→ **What you will do**: Return the first line of the listing below and all the lines after it through the one containing "#583=VERTEX_POINT('',#1879);", exactly, without pictures.
Records below:
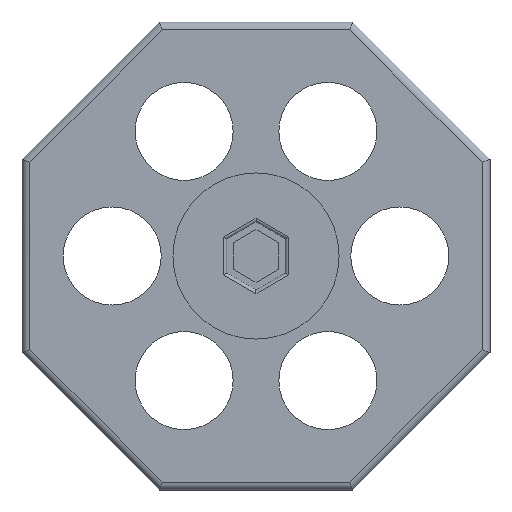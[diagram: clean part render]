
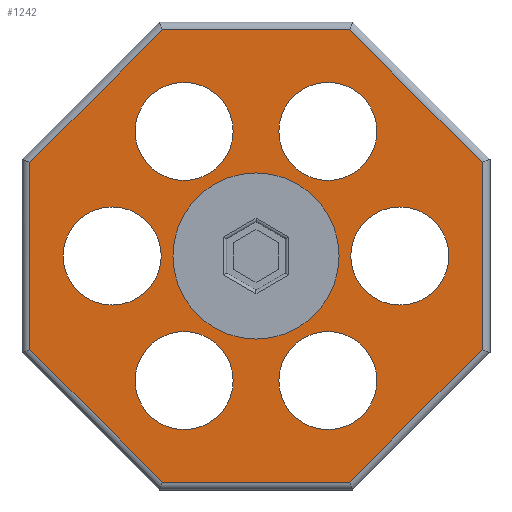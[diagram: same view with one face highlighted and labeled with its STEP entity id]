
A CAD part, front view. The second image highlights one B-rep face of the part: STEP entity #1242.
In plain terms, the highlighted planar face has unit normal (0, -1, 0).
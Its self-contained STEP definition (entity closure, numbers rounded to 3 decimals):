
#17=FACE_BOUND('',#204,.T.);
#18=FACE_BOUND('',#205,.T.);
#19=FACE_BOUND('',#206,.T.);
#20=FACE_BOUND('',#207,.T.);
#21=FACE_BOUND('',#208,.T.);
#22=FACE_BOUND('',#209,.T.);
#23=FACE_BOUND('',#210,.T.);
#33=CIRCLE('',#1324,7.5);
#35=CIRCLE('',#1327,7.5);
#37=CIRCLE('',#1330,7.5);
#39=CIRCLE('',#1333,7.5);
#41=CIRCLE('',#1336,7.5);
#43=CIRCLE('',#1339,7.5);
#45=CIRCLE('',#1344,12.7);
#65=PLANE('',#1365);
#129=FACE_OUTER_BOUND('',#203,.T.);
#203=EDGE_LOOP('',(#1000,#1001,#1002,#1003,#1004,#1005,#1006,#1007));
#204=EDGE_LOOP('',(#1008));
#205=EDGE_LOOP('',(#1009));
#206=EDGE_LOOP('',(#1010));
#207=EDGE_LOOP('',(#1011));
#208=EDGE_LOOP('',(#1012));
#209=EDGE_LOOP('',(#1013));
#210=EDGE_LOOP('',(#1014));
#321=LINE('',#1905,#458);
#323=LINE('',#1913,#460);
#326=LINE('',#1921,#463);
#328=LINE('',#1927,#465);
#330=LINE('',#1933,#467);
#331=LINE('',#1937,#468);
#334=LINE('',#1945,#471);
#336=LINE('',#1949,#473);
#458=VECTOR('',#1554,10.);
#460=VECTOR('',#1562,10.);
#463=VECTOR('',#1569,10.);
#465=VECTOR('',#1575,10.);
#467=VECTOR('',#1581,10.);
#468=VECTOR('',#1586,10.);
#471=VECTOR('',#1593,10.);
#473=VECTOR('',#1599,10.);
#577=VERTEX_POINT('',#1861);
#579=VERTEX_POINT('',#1867);
#581=VERTEX_POINT('',#1873);
#583=VERTEX_POINT('',#1879);
#585=VERTEX_POINT('',#1885);
#587=VERTEX_POINT('',#1891);
#589=VERTEX_POINT('',#1899);
#590=VERTEX_POINT('',#1903);
#591=VERTEX_POINT('',#1904);
#594=VERTEX_POINT('',#1912);
#597=VERTEX_POINT('',#1920);
#599=VERTEX_POINT('',#1926);
#601=VERTEX_POINT('',#1932);
#602=VERTEX_POINT('',#1936);
#605=VERTEX_POINT('',#1944);
#703=EDGE_CURVE('',#577,#577,#33,.T.);
#706=EDGE_CURVE('',#579,#579,#35,.T.);
#709=EDGE_CURVE('',#581,#581,#37,.T.);
#712=EDGE_CURVE('',#583,#583,#39,.T.);
#715=EDGE_CURVE('',#585,#585,#41,.T.);
#718=EDGE_CURVE('',#587,#587,#43,.T.);
#722=EDGE_CURVE('',#589,#589,#45,.T.);
#723=EDGE_CURVE('',#590,#591,#321,.T.);
#727=EDGE_CURVE('',#591,#594,#323,.T.);
#731=EDGE_CURVE('',#594,#597,#326,.T.);
#734=EDGE_CURVE('',#597,#599,#328,.T.);
#737=EDGE_CURVE('',#599,#601,#330,.T.);
#739=EDGE_CURVE('',#602,#590,#331,.T.);
#743=EDGE_CURVE('',#601,#605,#334,.T.);
#746=EDGE_CURVE('',#605,#602,#336,.T.);
#1000=ORIENTED_EDGE('',*,*,#723,.F.);
#1001=ORIENTED_EDGE('',*,*,#739,.F.);
#1002=ORIENTED_EDGE('',*,*,#746,.F.);
#1003=ORIENTED_EDGE('',*,*,#743,.F.);
#1004=ORIENTED_EDGE('',*,*,#737,.F.);
#1005=ORIENTED_EDGE('',*,*,#734,.F.);
#1006=ORIENTED_EDGE('',*,*,#731,.F.);
#1007=ORIENTED_EDGE('',*,*,#727,.F.);
#1008=ORIENTED_EDGE('',*,*,#703,.T.);
#1009=ORIENTED_EDGE('',*,*,#706,.T.);
#1010=ORIENTED_EDGE('',*,*,#709,.T.);
#1011=ORIENTED_EDGE('',*,*,#712,.T.);
#1012=ORIENTED_EDGE('',*,*,#715,.T.);
#1013=ORIENTED_EDGE('',*,*,#718,.T.);
#1014=ORIENTED_EDGE('',*,*,#722,.T.);
#1242=ADVANCED_FACE('',(#129,#17,#18,#19,#20,#21,#22,#23),#65,.F.);
#1324=AXIS2_PLACEMENT_3D('',#1862,#1503,#1504);
#1327=AXIS2_PLACEMENT_3D('',#1868,#1510,#1511);
#1330=AXIS2_PLACEMENT_3D('',#1874,#1517,#1518);
#1333=AXIS2_PLACEMENT_3D('',#1880,#1524,#1525);
#1336=AXIS2_PLACEMENT_3D('',#1886,#1531,#1532);
#1339=AXIS2_PLACEMENT_3D('',#1892,#1538,#1539);
#1344=AXIS2_PLACEMENT_3D('',#1901,#1550,#1551);
#1365=AXIS2_PLACEMENT_3D('',#1968,#1617,#1618);
#1503=DIRECTION('center_axis',(0.,1.,0.));
#1504=DIRECTION('ref_axis',(1.,0.,0.));
#1510=DIRECTION('center_axis',(0.,1.,0.));
#1511=DIRECTION('ref_axis',(1.,0.,0.));
#1517=DIRECTION('center_axis',(0.,1.,0.));
#1518=DIRECTION('ref_axis',(1.,0.,0.));
#1524=DIRECTION('center_axis',(0.,1.,0.));
#1525=DIRECTION('ref_axis',(1.,0.,0.));
#1531=DIRECTION('center_axis',(0.,1.,0.));
#1532=DIRECTION('ref_axis',(1.,0.,0.));
#1538=DIRECTION('center_axis',(0.,1.,0.));
#1539=DIRECTION('ref_axis',(1.,0.,0.));
#1550=DIRECTION('center_axis',(0.,1.,0.));
#1551=DIRECTION('ref_axis',(1.,0.,0.));
#1554=DIRECTION('',(0.707,0.,0.707));
#1562=DIRECTION('',(1.,0.,0.));
#1569=DIRECTION('',(0.707,0.,-0.707));
#1575=DIRECTION('',(0.,0.,-1.));
#1581=DIRECTION('',(-0.707,0.,-0.707));
#1586=DIRECTION('',(0.,0.,1.));
#1593=DIRECTION('',(-1.,0.,0.));
#1599=DIRECTION('',(-0.707,0.,0.707));
#1617=DIRECTION('center_axis',(0.,1.,0.));
#1618=DIRECTION('ref_axis',(0.,0.,1.));
#1861=CARTESIAN_POINT('',(-29.5,0.,0.));
#1862=CARTESIAN_POINT('Origin',(-22.,0.,0.));
#1867=CARTESIAN_POINT('',(-18.5,0.,19.053));
#1868=CARTESIAN_POINT('Origin',(-11.,0.,19.053));
#1873=CARTESIAN_POINT('',(3.5,0.,-19.053));
#1874=CARTESIAN_POINT('Origin',(11.,0.,-19.053));
#1879=CARTESIAN_POINT('',(-18.5,0.,-19.053));
#1880=CARTESIAN_POINT('Origin',(-11.,0.,-19.053));
#1885=CARTESIAN_POINT('',(3.5,0.,19.053));
#1886=CARTESIAN_POINT('Origin',(11.,0.,19.053));
#1891=CARTESIAN_POINT('',(14.5,0.,0.));
#1892=CARTESIAN_POINT('Origin',(22.,0.,0.));
#1899=CARTESIAN_POINT('',(-12.7,0.,0.));
#1901=CARTESIAN_POINT('Origin',(0.,0.,0.));
#1903=CARTESIAN_POINT('',(-34.592,0.,14.328));
#1904=CARTESIAN_POINT('',(-14.328,0.,34.592));
#1905=CARTESIAN_POINT('',(-29.702,0.,19.219));
#1912=CARTESIAN_POINT('',(14.328,0.,34.592));
#1913=CARTESIAN_POINT('',(-7.413,0.,34.592));
#1920=CARTESIAN_POINT('',(34.592,0.,14.328));
#1921=CARTESIAN_POINT('',(19.219,0.,29.702));
#1926=CARTESIAN_POINT('',(34.592,0.,-14.328));
#1927=CARTESIAN_POINT('',(34.592,0.,7.413));
#1932=CARTESIAN_POINT('',(14.328,0.,-34.592));
#1933=CARTESIAN_POINT('',(29.702,0.,-19.219));
#1936=CARTESIAN_POINT('',(-34.592,0.,-14.328));
#1937=CARTESIAN_POINT('',(-34.592,0.,-7.413));
#1944=CARTESIAN_POINT('',(-14.328,0.,-34.592));
#1945=CARTESIAN_POINT('',(7.413,0.,-34.592));
#1949=CARTESIAN_POINT('',(-19.219,0.,-29.702));
#1968=CARTESIAN_POINT('Origin',(0.,0.,0.));
End of Records.
→ **Answer to the exercise**:
[diagram: clean part render]
[diagram: same view with one face highlighted and labeled with its STEP entity id]
A CAD part, front view. The second image highlights one B-rep face of the part: STEP entity #1242.
In plain terms, the highlighted planar face has unit normal (0, -1, 0).
Its self-contained STEP definition (entity closure, numbers rounded to 3 decimals):
#17=FACE_BOUND('',#204,.T.);
#18=FACE_BOUND('',#205,.T.);
#19=FACE_BOUND('',#206,.T.);
#20=FACE_BOUND('',#207,.T.);
#21=FACE_BOUND('',#208,.T.);
#22=FACE_BOUND('',#209,.T.);
#23=FACE_BOUND('',#210,.T.);
#33=CIRCLE('',#1324,7.5);
#35=CIRCLE('',#1327,7.5);
#37=CIRCLE('',#1330,7.5);
#39=CIRCLE('',#1333,7.5);
#41=CIRCLE('',#1336,7.5);
#43=CIRCLE('',#1339,7.5);
#45=CIRCLE('',#1344,12.7);
#65=PLANE('',#1365);
#129=FACE_OUTER_BOUND('',#203,.T.);
#203=EDGE_LOOP('',(#1000,#1001,#1002,#1003,#1004,#1005,#1006,#1007));
#204=EDGE_LOOP('',(#1008));
#205=EDGE_LOOP('',(#1009));
#206=EDGE_LOOP('',(#1010));
#207=EDGE_LOOP('',(#1011));
#208=EDGE_LOOP('',(#1012));
#209=EDGE_LOOP('',(#1013));
#210=EDGE_LOOP('',(#1014));
#321=LINE('',#1905,#458);
#323=LINE('',#1913,#460);
#326=LINE('',#1921,#463);
#328=LINE('',#1927,#465);
#330=LINE('',#1933,#467);
#331=LINE('',#1937,#468);
#334=LINE('',#1945,#471);
#336=LINE('',#1949,#473);
#458=VECTOR('',#1554,10.);
#460=VECTOR('',#1562,10.);
#463=VECTOR('',#1569,10.);
#465=VECTOR('',#1575,10.);
#467=VECTOR('',#1581,10.);
#468=VECTOR('',#1586,10.);
#471=VECTOR('',#1593,10.);
#473=VECTOR('',#1599,10.);
#577=VERTEX_POINT('',#1861);
#579=VERTEX_POINT('',#1867);
#581=VERTEX_POINT('',#1873);
#583=VERTEX_POINT('',#1879);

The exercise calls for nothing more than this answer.